Matt Walker, BBC News 4 Aug 09;
Europe's largest mammal, the European bison, remains extremely vulnerable to extinction, despite long-standing efforts to save it, new research shows.
One of the two remaining wild herds of pure bred European bison is down to an effective population size of just 25.
That is despite the actual number of wild bison in the herd having steadily risen to around 800.
The effective population measures the bison's genetic diversity, and can help predict the animal's survival chances.
At 3m long, 2m tall and weighing up to 900kg, the European bison ( Bison bonasus ) is Europe's heaviest surviving land mammal.
It survives in the wild in just two herds, each living on either side of the Bialowieza forest which straddles Belarus and Poland.
While European bison can interbreed with American bison (Bison bison), they are generally considered to be separate species, having considerable genetic and morphological differences.
However, the species has a tortured history.
For hundreds of years, the European bison was protected across large parts of its European range, being considered 'King's game' protected by the monarchy and Russian tsars that conquered Poland.
But early in the 20th Century, its numbers crashed as people left hungry by World War I and a lack of protection saw ruthless poaching of the animals for meat and hide.
By 1919, none were left in the wild.
Back from the dead
"So in the 1920s, biologists decided to reconstruct the population out of the few individuals left in the public and private collections and zoological gardens," says Malgorzata Tokarska of the Mammal Research Institute of the Polish Academy of Sciences, in Bialowieza, Poland.
Of 54 European bison left in the world at the time, just four bulls and three cows went on to found the surviving pure-bred population. Of those alive today, all originate from just from just one bull, with 90% of all their genes coming from two founders.
Today's population stands at around 1400 spread all over the world. The only wild animals live in the Bialowieza forest, with around 400 individuals on either side of the border.
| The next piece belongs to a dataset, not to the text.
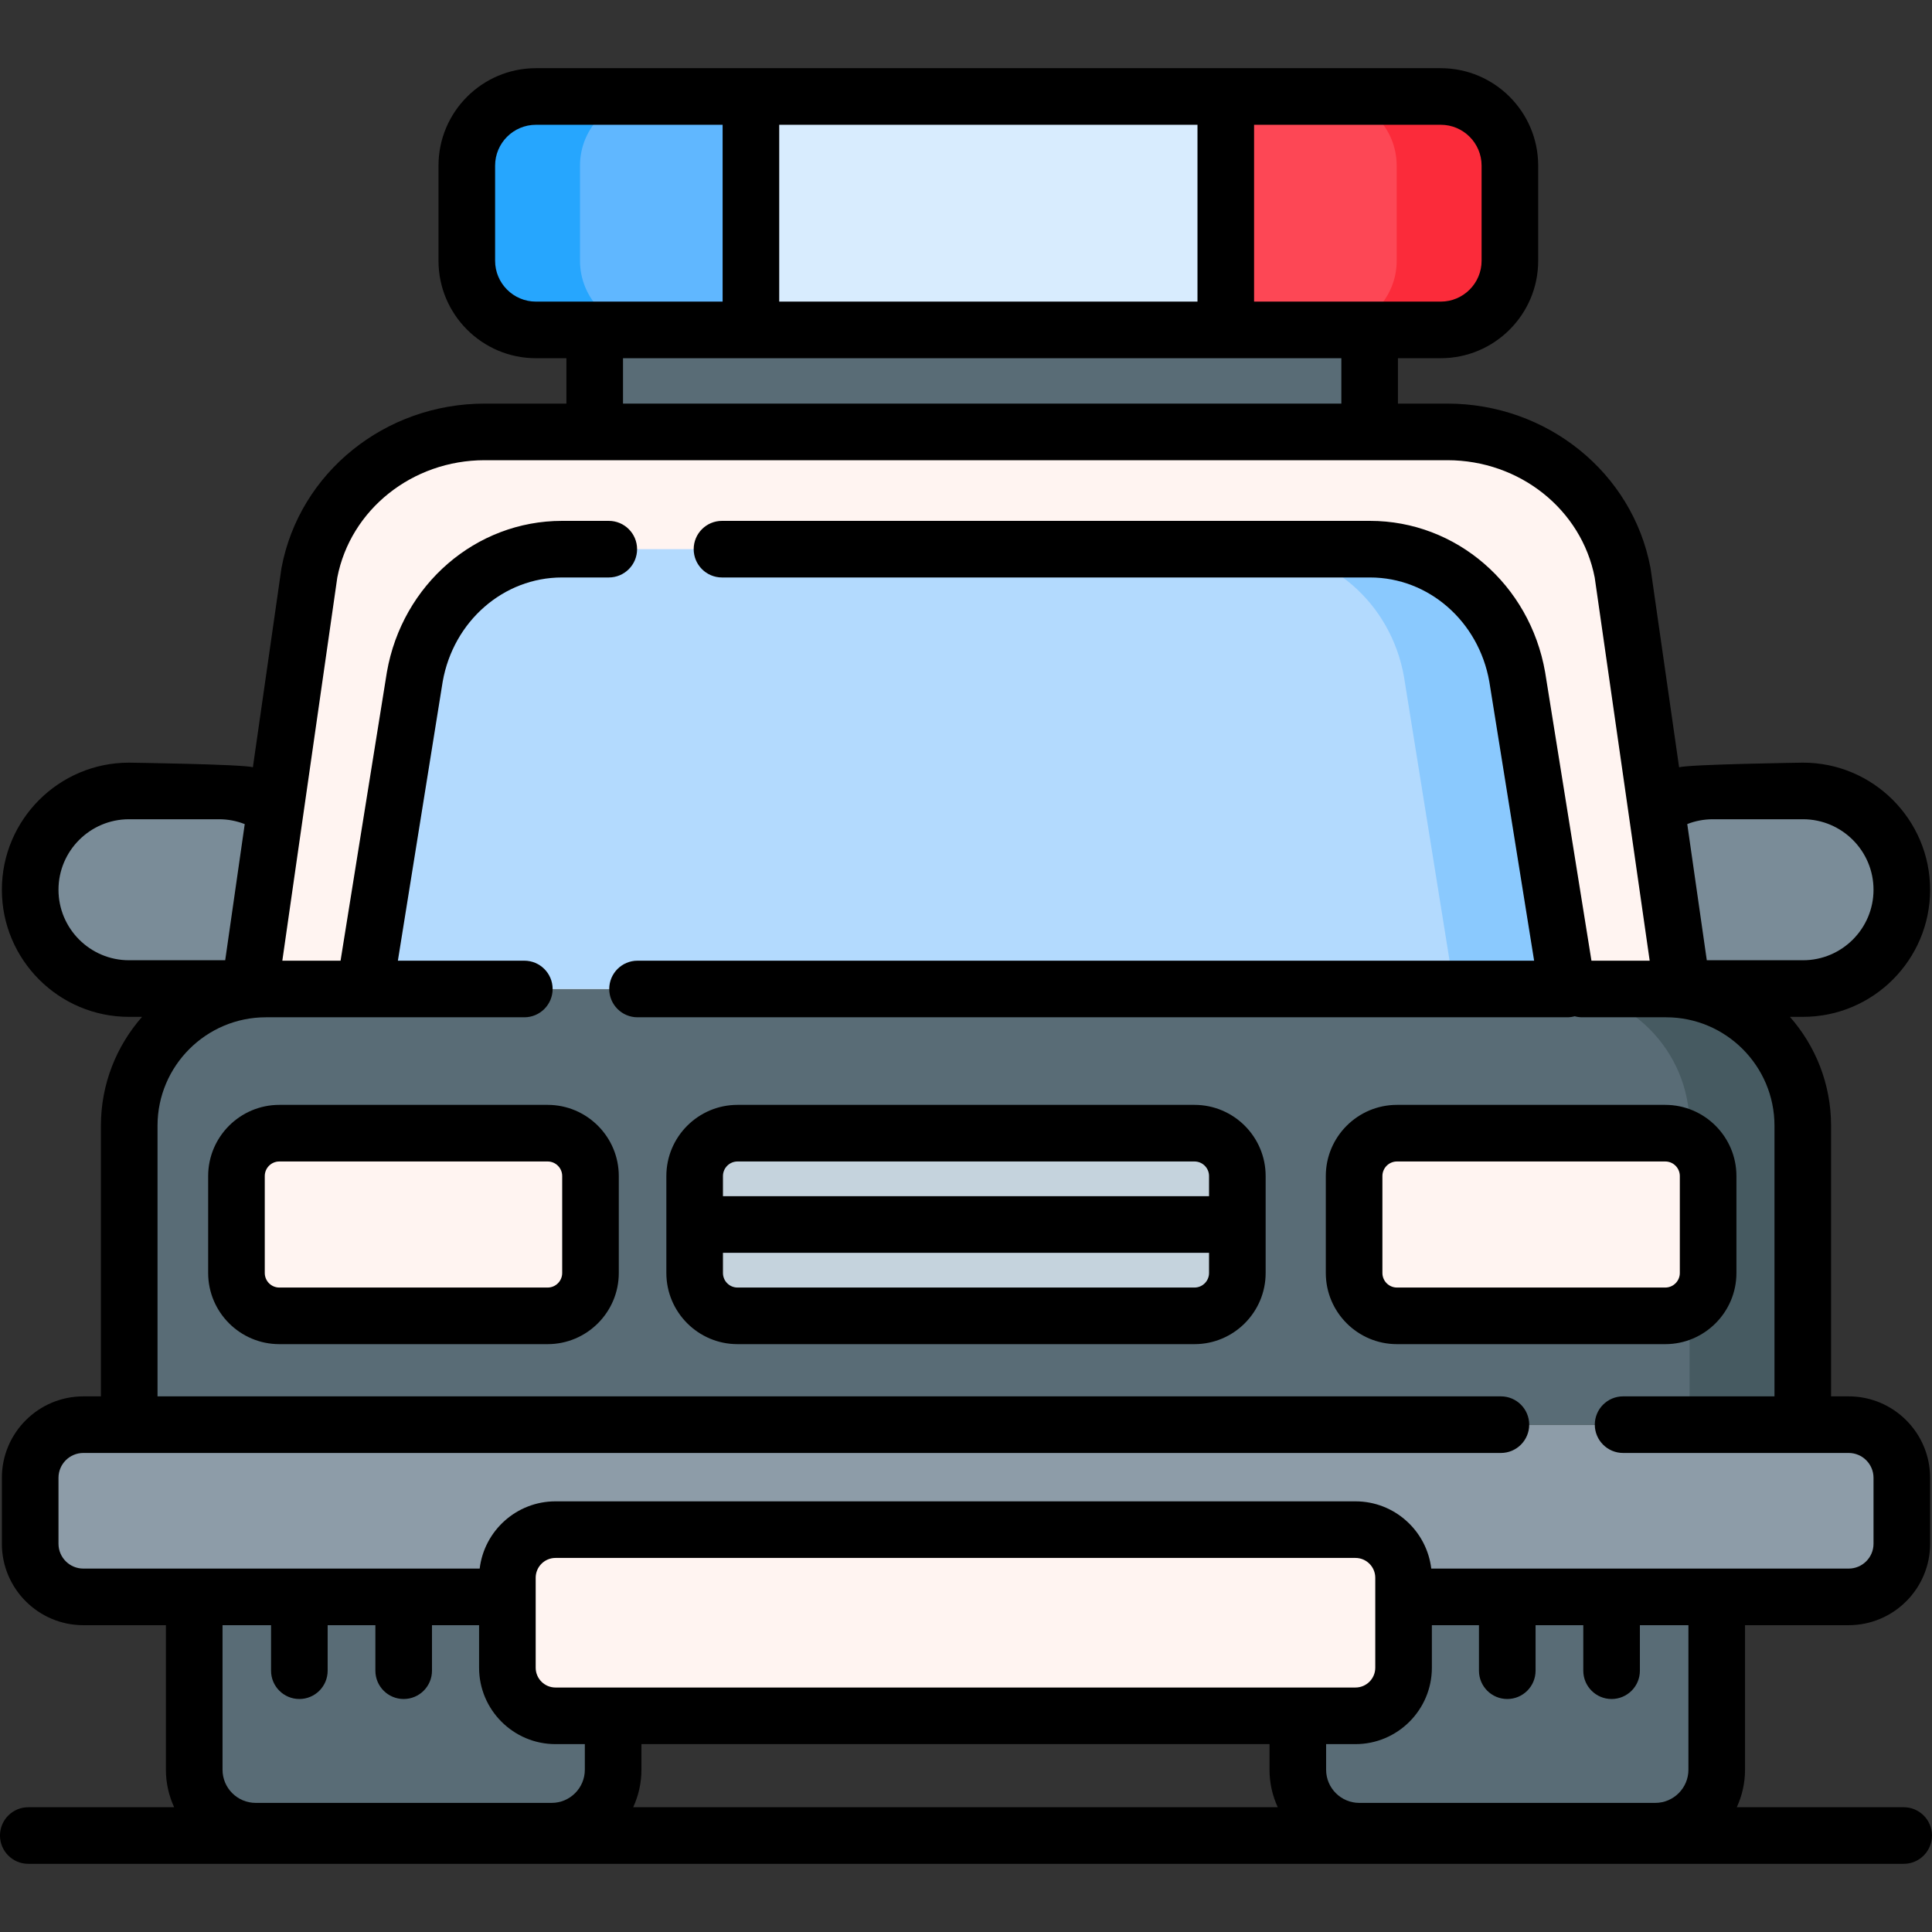 <svg id="Capa_1" enable-background="new 0 0 512 512" height="512" viewBox="0 0 512 512" width="512" xmlns="http://www.w3.org/2000/svg"><rect x="0" y="0" width="512" height="512" fill="#333333" stroke="none"/><path d="m84.252 261.976h-50.069c-14.461 0-26.183-11.723-26.183-26.184 0-14.461 11.723-26.183 26.183-26.183h23.886c14.461 0 26.183 11.723 26.183 26.183z" fill="#7a8c98"/><path d="m427.747 261.976h50.069c14.461 0 26.183-11.723 26.183-26.183 0-14.461-11.723-26.183-26.183-26.183h-23.886c-14.461 0-26.183 11.723-26.183 26.183z" fill="#7a8c98"/><path d="m360.225 485.285h78.434c8.997 0 16.29-7.293 16.29-16.29v-45.805h-111.014v45.804c0 8.997 7.293 16.291 16.29 16.291z" fill="#596c76"/><path d="m146.196 485.285h-78.435c-8.997 0-16.29-7.293-16.29-16.29v-45.805h111.015v45.804c0 8.997-7.293 16.291-16.29 16.291z" fill="#596c76"/><path d="m132.744 423.19h-110.66c-7.778 0-14.084-6.306-14.084-14.084v-17.472c0-7.779 6.306-14.084 14.084-14.084h467.831c7.779 0 14.084 6.306 14.084 14.084v17.472c0 7.779-6.306 14.084-14.084 14.084h-113.94" fill="#8d9ca8"/><path d="m477.753 377.549h-443.507v-79.229c0-20.009 16.221-36.23 36.23-36.23h371.047c20.009 0 36.23 16.221 36.23 36.23z" fill="#596c76"/><path d="m441.523 262.09h-30c20.009 0 36.23 16.221 36.23 36.23v79.229h30v-79.229c0-20.009-16.22-36.23-36.23-36.23z" fill="#465a61"/><g fill="#fff4f1"><path d="m359.209 454.709h-211.997c-7.042 0-12.751-5.709-12.751-12.751v-23.838c0-7.042 5.709-12.751 12.751-12.751h211.997c7.042 0 12.751 5.709 12.751 12.751v23.838c0 7.043-5.709 12.751-12.751 12.751z"/><path d="m145.127 348.714h-71.1c-6.274 0-11.36-5.086-11.36-11.36v-25.693c0-6.274 5.086-11.36 11.36-11.36h71.1c6.274 0 11.36 5.086 11.36 11.36v25.693c-.001 6.274-5.087 11.36-11.36 11.36z"/><path d="m441.311 348.714h-71.1c-6.274 0-11.36-5.086-11.36-11.36v-25.693c0-6.274 5.086-11.36 11.36-11.36h71.1c6.274 0 11.36 5.086 11.36 11.36v25.693c0 6.274-5.086 11.36-11.36 11.36z"/></g><path d="m316.55 348.714h-121.1c-6.274 0-11.36-5.086-11.36-11.36v-25.693c0-6.274 5.086-11.36 11.36-11.36h121.1c6.274 0 11.36 5.086 11.36 11.36v25.693c0 6.274-5.086 11.36-11.36 11.36z" fill="#c5d3dd"/><path d="m157.605 79.571h205.365v34.886h-205.365z" fill="#596c76"/><path d="m383.552 114.457h-255.104c-22.812 0-42.364 15.721-46.461 37.358l-15.821 110.275h379.667l-15.82-110.276c-4.097-21.636-23.649-37.357-46.461-37.357z" fill="#fff4f1"/><path d="m363.075 145.535h-214.151c-19.15 0-35.563 14.245-39.003 33.85l-13.28 82.706h318.716l-13.28-82.706c-3.439-19.606-19.852-33.85-39.002-33.85z" fill="#b3dafe"/><path d="m402.078 179.385c-3.439-19.605-19.852-33.85-39.002-33.85h-30c19.15 0 35.563 14.245 39.002 33.85l13.28 82.706h30z" fill="#8ac9fe"/><path d="m381.815 87.429h-239.786c-10.118 0-18.321-8.203-18.321-18.321v-25.218c0-10.118 8.203-18.321 18.321-18.321h239.786c10.118 0 18.321 8.203 18.321 18.321v25.219c.001 10.118-8.202 18.32-18.321 18.32z" fill="#60b7ff"/><path d="m153.708 69.108v-25.219c0-10.118 8.203-18.321 18.321-18.321h-30c-10.118 0-18.321 8.203-18.321 18.321v25.219c0 10.118 8.203 18.321 18.321 18.321h30c-10.118 0-18.321-8.202-18.321-18.321z" fill="#26a6fe"/><path d="m381.815 25.569h-117.413v61.861h117.414c10.118 0 18.321-8.203 18.321-18.321v-25.22c0-10.118-8.203-18.32-18.322-18.32z" fill="#fd4755"/><path d="m381.815 25.569h-30c10.118 0 18.321 8.203 18.321 18.321v25.219c0 10.118-8.203 18.321-18.321 18.321h30c10.118 0 18.321-8.203 18.321-18.321v-25.22c.001-10.118-8.202-18.32-18.321-18.32z" fill="#fb2b3a"/><path d="m199 25.569h125.845v61.861h-125.845z" fill="#d8ecfe"/><path d="m504.5 478.932h-44.233c1.397-3.026 2.183-6.391 2.183-9.937v-38.305h27.465c11.902 0 21.585-9.683 21.585-21.584v-17.473c0-11.901-9.683-21.584-21.585-21.584h-4.662v-71.729c0-11.045-4.124-21.139-10.903-28.844h3.466c18.573 0 33.684-15.11 33.684-33.684 0-18.573-15.11-33.683-33.684-33.683 0 0-29.944.43-32.836 1.226l-7.544-52.585c-.016-.111-.034-.221-.055-.331-4.768-25.184-27.407-43.462-53.83-43.462h-13.081v-12.028h11.346c14.238 0 25.821-11.583 25.821-25.821v-25.218c0-14.238-11.583-25.821-25.821-25.821h-56.971-125.845-56.971c-14.238 0-25.821 11.583-25.821 25.821v25.219c0 14.238 11.583 25.821 25.821 25.821h8.076v12.028h-21.657c-26.423 0-49.061 18.278-53.83 43.462-.021.11-.039.22-.055.331l-7.542 52.572c-2.9-.799-32.838-1.212-32.838-1.212-18.573 0-33.683 15.11-33.683 33.683s15.11 33.684 33.683 33.684h3.466c-6.778 7.705-10.903 17.799-10.903 28.844v71.729h-4.662c-11.901 0-21.584 9.683-21.584 21.584v17.473c0 11.901 9.683 21.584 21.584 21.584h21.887v38.305c0 3.546.786 6.911 2.183 9.937h-38.654c-4.142 0-7.5 3.358-7.5 7.5s3.358 7.5 7.5 7.5h497c4.143 0 7.5-3.358 7.5-7.5 0-4.144-3.357-7.502-7.5-7.502zm-50.569-261.823h23.886c10.302 0 18.684 8.381 18.684 18.683s-8.382 18.684-18.684 18.684h-25.499l-5.178-36.092c2.145-.838 4.438-1.275 6.791-1.275zm-61.294-173.219v25.219c0 5.967-4.854 10.821-10.821 10.821h-49.471v-46.862h49.471c5.966 0 10.821 4.855 10.821 10.822zm-75.292-10.822v46.861h-110.845v-46.861zm-186.137 36.04v-25.218c0-5.967 4.854-10.821 10.821-10.821h49.471v46.861h-49.471c-5.967-.001-10.821-4.855-10.821-10.822zm224.262 25.821v12.028h-190.365v-12.028zm-321.287 159.547c-10.302 0-18.683-8.381-18.683-18.684 0-10.302 8.381-18.683 18.683-18.683h23.886c2.352 0 4.63.445 6.789 1.289l-5.176 36.077h-25.499zm120.803 214.518c0 4.847-3.943 8.79-8.79 8.79h-78.435c-4.847 0-8.79-3.943-8.79-8.79v-38.304h12.86v12.064c0 4.142 3.358 7.5 7.5 7.5s7.5-3.358 7.5-7.5v-12.064h12.647v12.064c0 4.142 3.358 7.5 7.5 7.5s7.5-3.358 7.5-7.5v-12.064h12.483v11.269c0 11.167 9.084 20.251 20.251 20.251h7.774zm-13.025-27.035v-23.838c0-2.895 2.355-5.251 5.251-5.251h211.997c2.895 0 5.251 2.355 5.251 5.251v23.838c0 2.896-2.355 5.251-5.251 5.251h-211.997c-2.895 0-5.251-2.356-5.251-5.251zm25.842 36.973c1.397-3.026 2.183-6.391 2.183-9.938v-6.785h166.448v6.785c0 3.546.786 6.911 2.183 9.938zm279.647-9.937c0 4.847-3.943 8.79-8.79 8.79h-78.435c-4.848 0-8.791-3.943-8.791-8.79v-6.785h7.774c11.166 0 20.251-9.085 20.251-20.251v-11.269h12.482v12.064c0 4.142 3.357 7.5 7.5 7.5s7.5-3.358 7.5-7.5v-12.064h12.647v12.064c0 4.142 3.357 7.5 7.5 7.5s7.5-3.358 7.5-7.5v-12.064h12.86v38.305zm-68.15-53.305c-1.207-10.022-9.749-17.82-20.091-17.82h-211.997c-10.342 0-18.884 7.798-20.091 17.82h-75.65-29.387c-3.63 0-6.584-2.954-6.584-6.584v-17.473c0-3.63 2.954-6.584 6.584-6.584h12.162 363.507c4.143 0 7.5-3.358 7.5-7.5s-3.357-7.5-7.5-7.5h-356.007v-71.729c0-15.842 12.888-28.73 28.73-28.73h26.166 42.309c4.142 0 7.5-3.358 7.5-7.5s-3.358-7.5-7.5-7.5h-33.509l11.876-73.96c2.829-15.993 16.114-27.595 31.606-27.595h12.409c4.142 0 7.5-3.358 7.5-7.5s-3.358-7.5-7.5-7.5h-12.409c-22.808 0-42.318 16.845-46.39 40.054-.006.036-.012.071-.018.107l-12.266 76.394h-15.431l14.566-101.537c3.494-18.029 19.895-31.096 39.062-31.096h255.104c19.168 0 35.568 13.068 39.062 31.097l14.567 101.536h-15.431l-12.267-76.395c-.006-.036-.012-.071-.018-.106-4.071-23.209-23.58-40.054-46.39-40.054h-171.741c-4.142 0-7.5 3.358-7.5 7.5s3.358 7.5 7.5 7.5h171.742c15.493 0 28.777 11.602 31.605 27.595l11.876 73.96h-237.605c-4.142 0-7.5 3.358-7.5 7.5s3.358 7.5 7.5 7.5h246.407c.668 0 1.322-.099 1.953-.27.628.171 1.286.27 1.969.27h22.244c15.842 0 28.729 12.888 28.729 28.73v71.729h-40.116c-4.143 0-7.5 3.358-7.5 7.5s3.357 7.5 7.5 7.5h59.778c3.631 0 6.585 2.954 6.585 6.584v17.473c0 3.63-2.954 6.584-6.585 6.584h-34.965z"/><path d="m145.126 292.802h-71.1c-10.399 0-18.86 8.461-18.86 18.859v25.692c0 10.399 8.46 18.86 18.86 18.86h71.1c10.399 0 18.86-8.46 18.86-18.86v-25.692c0-10.398-8.46-18.859-18.86-18.859zm3.86 44.552c0 2.128-1.731 3.86-3.86 3.86h-71.1c-2.128 0-3.86-1.731-3.86-3.86v-25.692c0-2.128 1.731-3.859 3.86-3.859h71.1c2.128 0 3.86 1.732 3.86 3.859z"/><path d="m460.171 337.354v-25.692c0-10.399-8.46-18.859-18.859-18.859h-71.101c-10.399 0-18.859 8.461-18.859 18.859v25.692c0 10.399 8.46 18.86 18.859 18.86h71.101c10.399 0 18.859-8.461 18.859-18.86zm-93.819 0v-25.692c0-2.128 1.731-3.859 3.859-3.859h71.101c2.128 0 3.859 1.732 3.859 3.859v25.692c0 2.128-1.732 3.86-3.859 3.86h-71.101c-2.128 0-3.859-1.732-3.859-3.86z"/><path d="m316.55 292.802h-121.1c-10.399 0-18.86 8.461-18.86 18.859v25.692c0 10.399 8.46 18.86 18.86 18.86h121.1c10.399 0 18.859-8.46 18.859-18.86v-25.692c0-10.398-8.46-18.859-18.859-18.859zm3.859 44.552c0 2.128-1.732 3.86-3.859 3.86h-121.1c-2.128 0-3.86-1.731-3.86-3.86v-5.346h128.819zm0-20.346h-128.819v-5.346c0-2.128 1.732-3.859 3.86-3.859h121.1c2.128 0 3.859 1.732 3.859 3.859z"/></svg>

To quantify the impact of the 20th Century bottleneck, Tokarska and colleagues Agata Kawalko, Jan Wojcik and Cino Pertoldi genetically sampled 178 individuals at 12 different points in their genome.
By testing the skulls and frozen soft tissues of long-dead animals, as well as live animals, the team could analyse bison born each decade from 1950 onwards.
Despite the growth in actual bison numbers, the genetic tests have revealed that the herd contains an effective population of just 25 animals, the team report in the Biological Journal of the Linnaean Society.
The effective population of any group of animals will be lower than the number that actually exist, due to factors such as non-breeding individuals or a skewed sex ratio.
But it's clear that the European bison has not recovered from the genetic bottleneck it suffered during the early 20th Century.
Usually, a population of animals must have an effective genetic population of 50 animals to be considered to be safe from an immediate threat of extinction caused by the dangerous effects of inbreeding or having too few genes to adapt to new environments.
"They are highly inbred and closely related and the genetic surveys confirmed that," says Tokarska.
"We could pretend that we have a big plan, but honestly, there's not much we can do. We can not enrich the genetics using breeding methods, since there are no out-bred animals. They all come from the same seven founders."
"Mostly, we can work on maintaining the bison-friendly environment and widen it," she says.
Tokarska is also just beginning to analyse the remaining Belarus bison.
Though they originate from the same animals, the other herd does have some slight genetic differences.
If they are confirmed it may be possible to bring bison together from the two herds to further improve the species' survival chances, she says.